_REQUIRED WORK_
Write out all the entries word for word, but skip any images.

++++

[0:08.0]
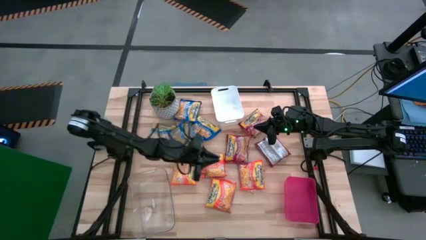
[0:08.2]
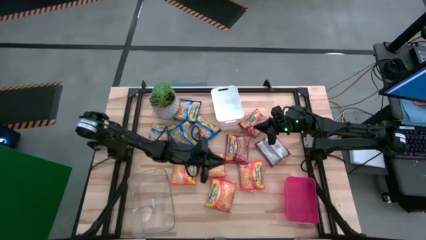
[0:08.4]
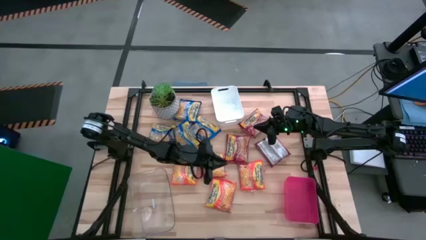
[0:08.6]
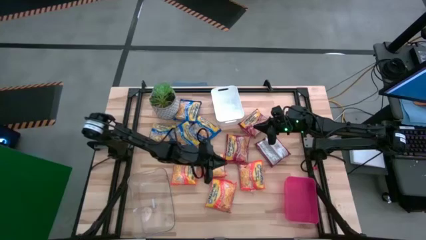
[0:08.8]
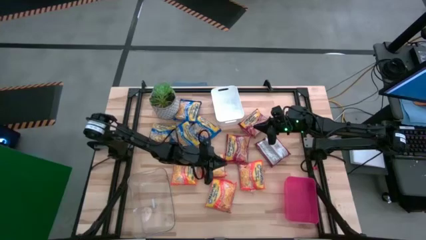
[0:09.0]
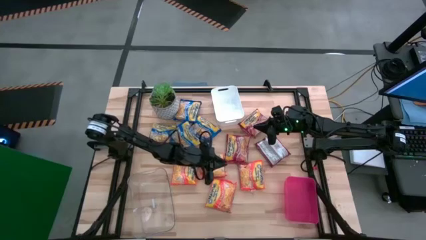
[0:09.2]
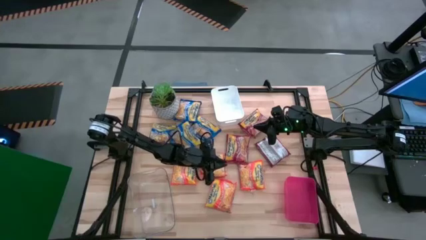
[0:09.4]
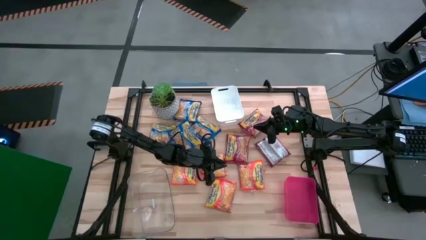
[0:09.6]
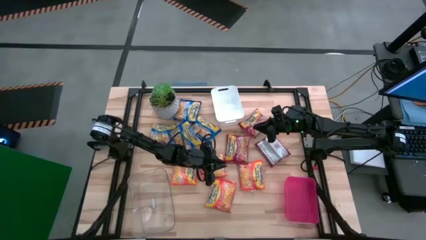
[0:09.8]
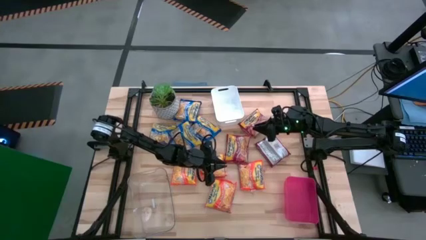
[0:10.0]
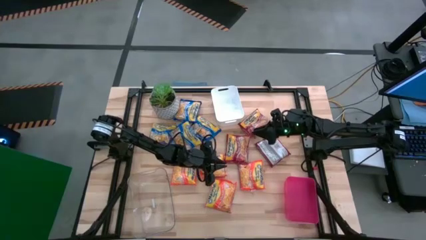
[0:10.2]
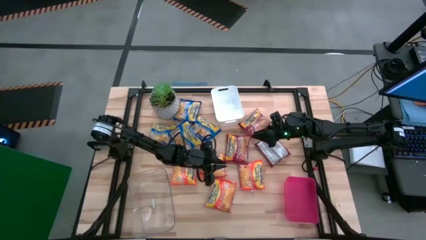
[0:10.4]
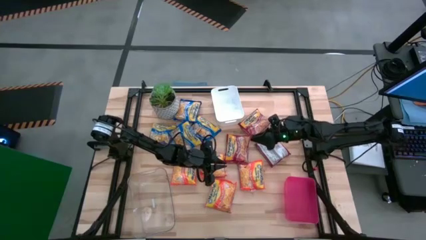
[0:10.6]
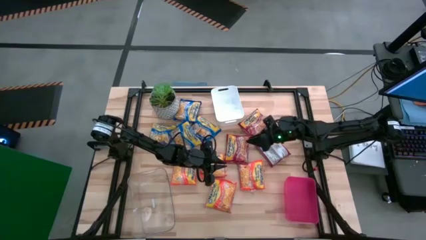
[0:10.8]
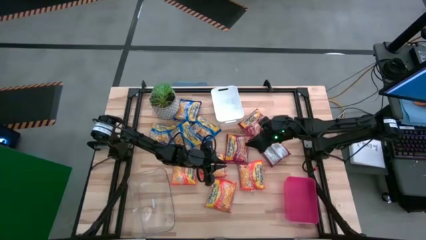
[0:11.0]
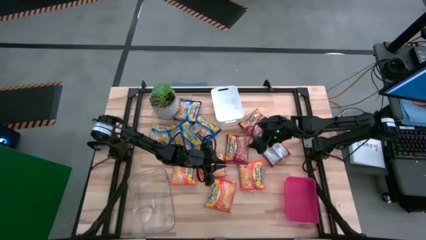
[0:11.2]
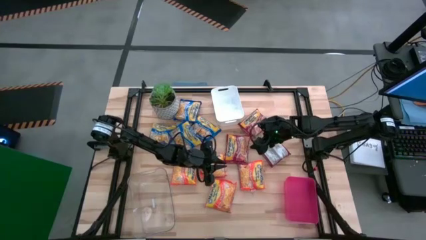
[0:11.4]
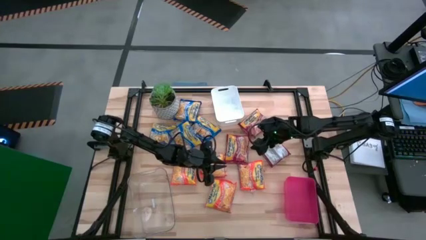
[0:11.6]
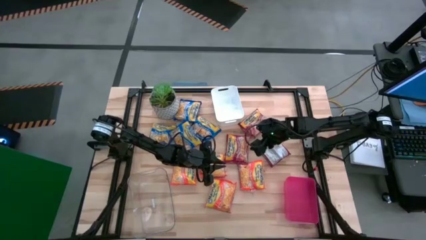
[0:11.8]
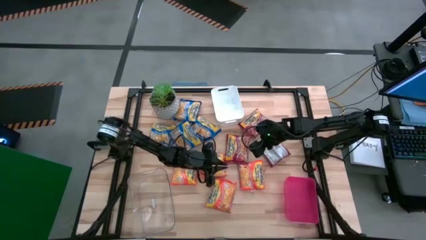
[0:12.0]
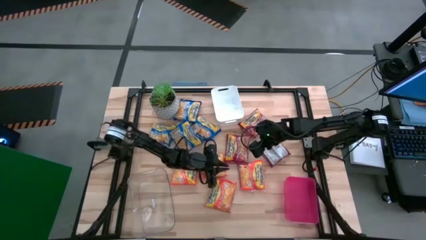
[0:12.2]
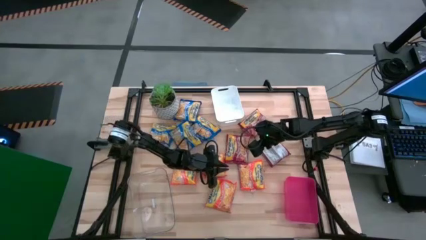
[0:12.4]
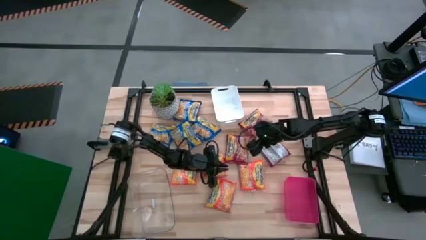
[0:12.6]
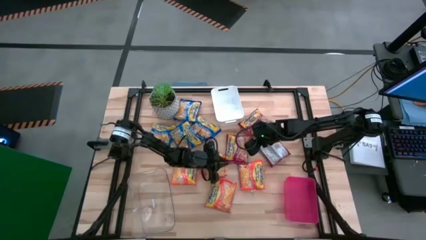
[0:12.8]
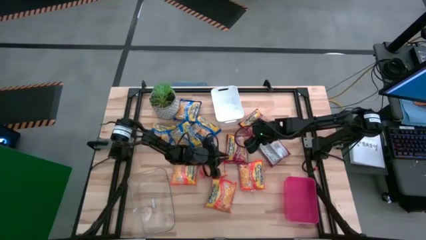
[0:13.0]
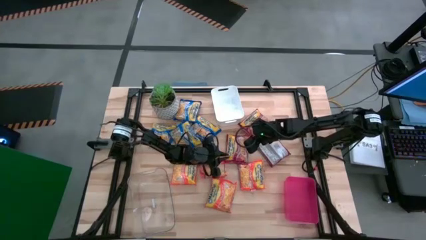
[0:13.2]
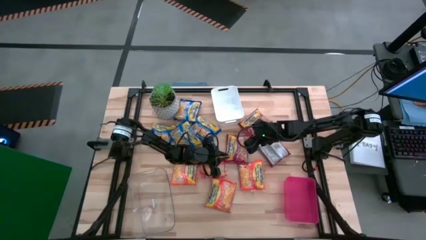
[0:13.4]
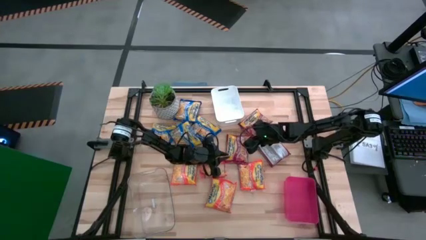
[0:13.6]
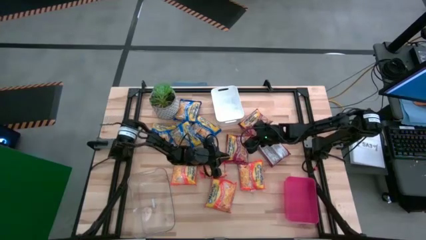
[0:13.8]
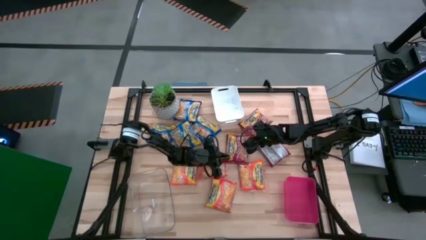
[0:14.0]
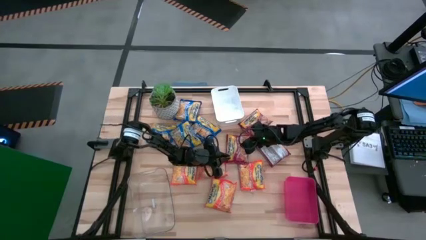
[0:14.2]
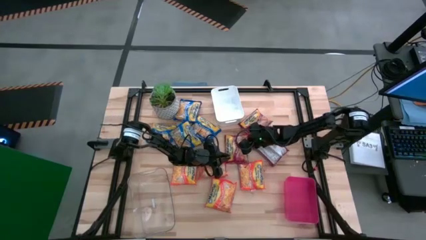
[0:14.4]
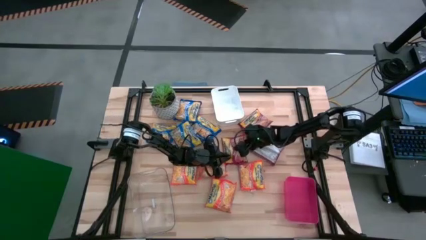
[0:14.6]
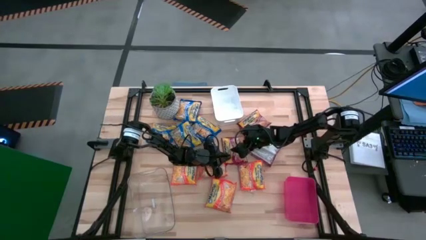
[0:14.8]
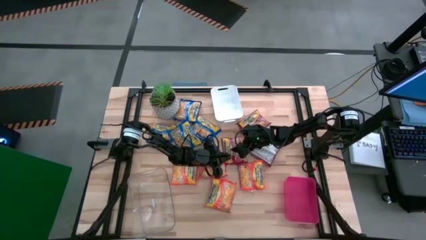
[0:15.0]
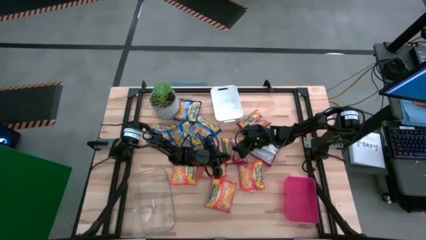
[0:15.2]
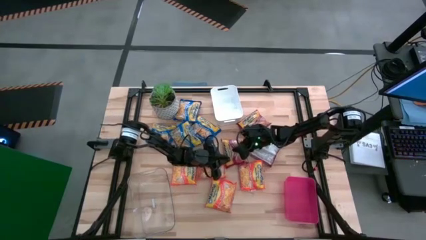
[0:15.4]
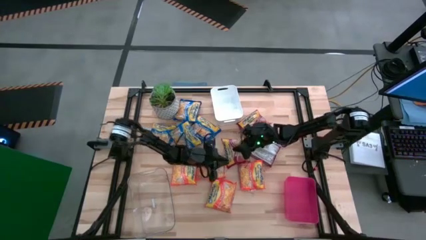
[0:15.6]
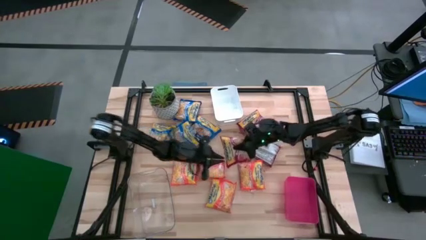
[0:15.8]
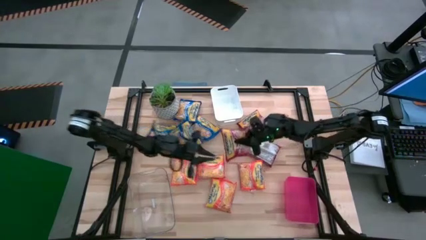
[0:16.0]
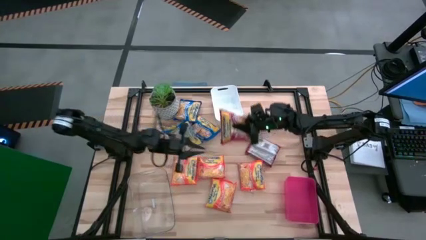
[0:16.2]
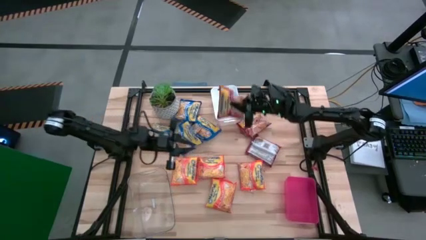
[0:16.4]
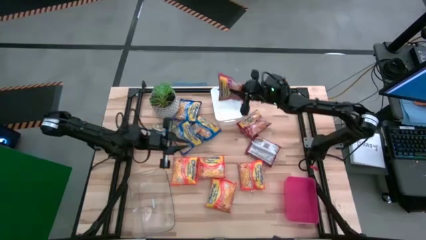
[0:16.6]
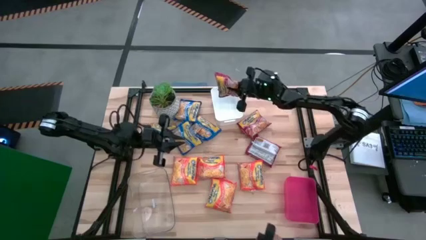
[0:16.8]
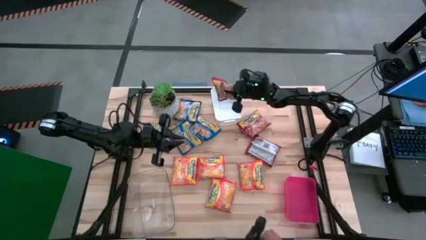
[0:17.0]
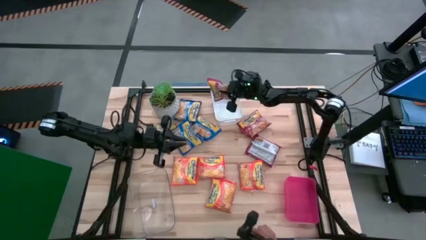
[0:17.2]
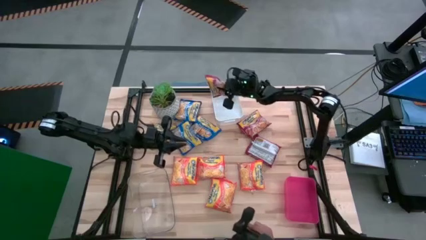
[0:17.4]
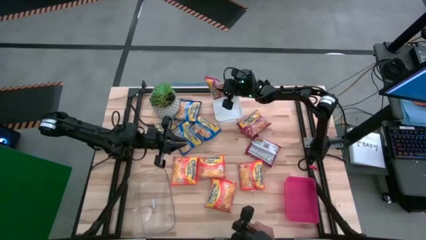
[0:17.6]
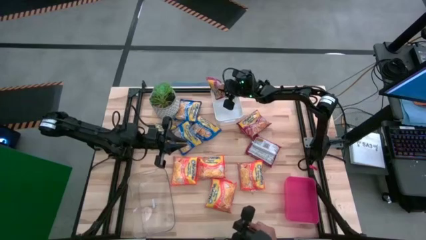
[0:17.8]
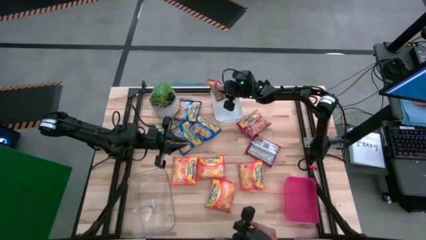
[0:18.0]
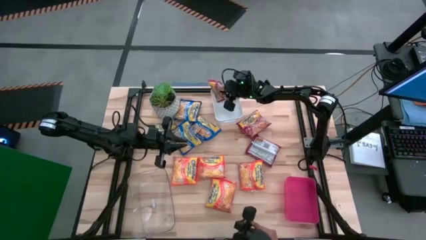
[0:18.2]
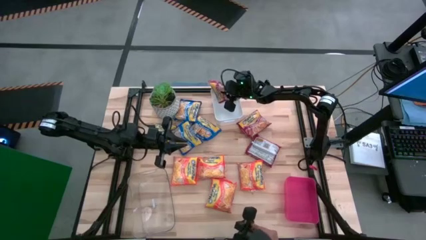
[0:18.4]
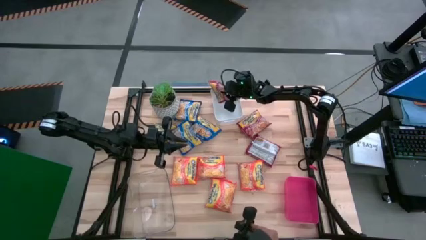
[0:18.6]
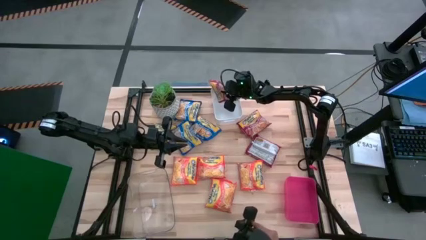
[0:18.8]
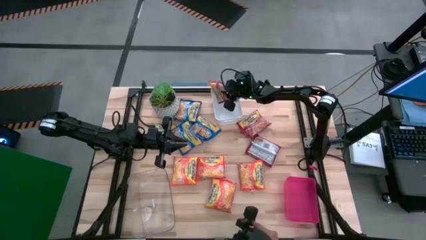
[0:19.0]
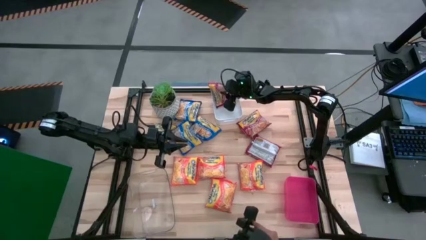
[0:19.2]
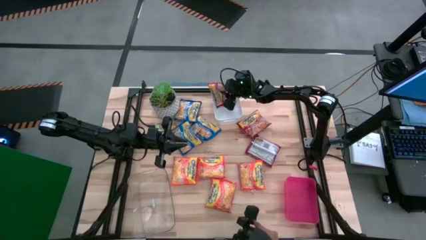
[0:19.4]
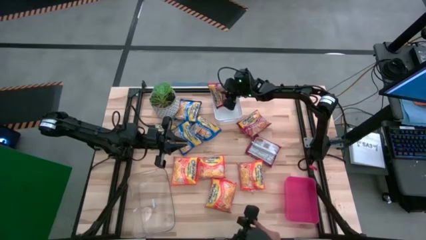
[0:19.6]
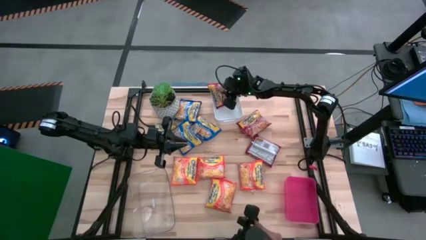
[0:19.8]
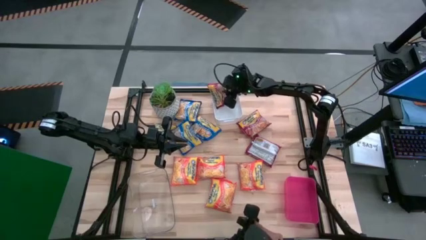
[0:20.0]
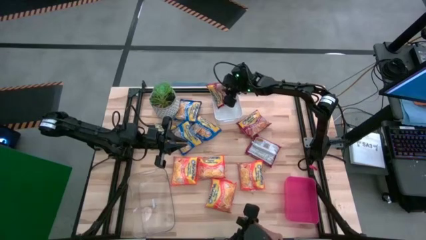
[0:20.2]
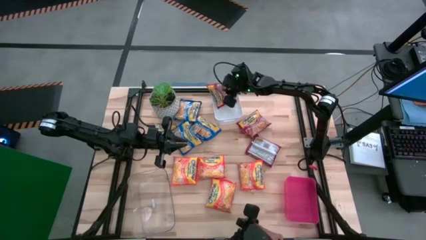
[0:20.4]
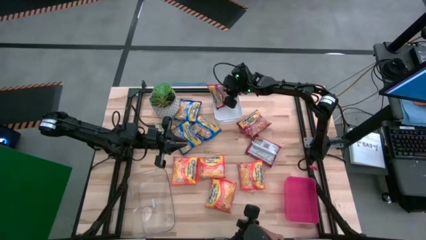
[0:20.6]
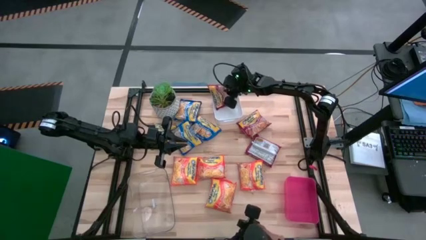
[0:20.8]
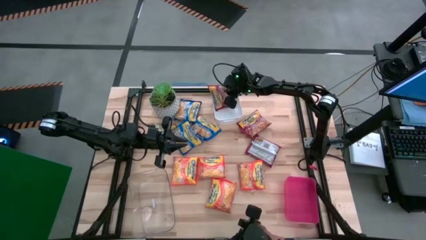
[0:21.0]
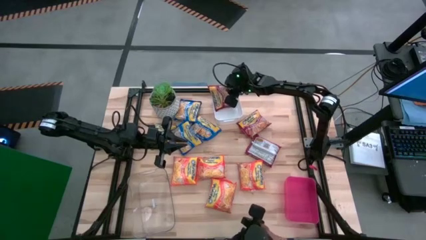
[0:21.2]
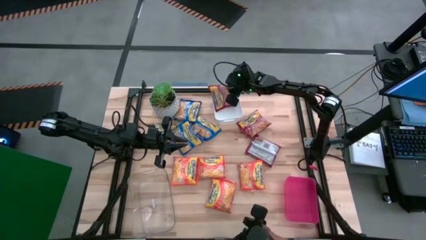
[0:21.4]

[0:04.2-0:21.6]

++++

_EXERCISE RESPONSE_
[0:08.0]
[0:08.2]
[0:08.4]
[0:08.6]
[0:08.8]
[0:09.0]
[0:09.2]
[0:09.4]
[0:09.6]
[0:09.8]
[0:10.0]
[0:10.2]
[0:10.4]
[0:10.6]
[0:10.8]
[0:11.0]
[0:11.2]
[0:11.4]
[0:11.6]
[0:11.8]
[0:12.0]
[0:12.2]
[0:12.4]
[0:12.6]
[0:12.8]
[0:13.0]
[0:13.2]
[0:13.4]
[0:13.6]
[0:13.8]
[0:14.0]
[0:14.2]
[0:14.4]
[0:14.6]
[0:14.8]
[0:15.0]
[0:15.2]
[0:15.4]
[0:15.6]
[0:15.8]
[0:16.0]
[0:16.2]
[0:16.4]
[0:16.6]
[0:16.8]
[0:17.0]
[0:17.2]
[0:17.4]
[0:17.6]
[0:17.8]
[0:18.0]
[0:18.2]
[0:18.4]
[0:18.6]
[0:18.8]
[0:19.0]
[0:19.2]
[0:19.4]
[0:19.6]
[0:19.8]
[0:20.0]
[0:20.2]
[0:20.4]
[0:20.6]
[0:20.8]
[0:21.0]
[0:21.2]
[0:21.4]

[0:04.2-0:21.6]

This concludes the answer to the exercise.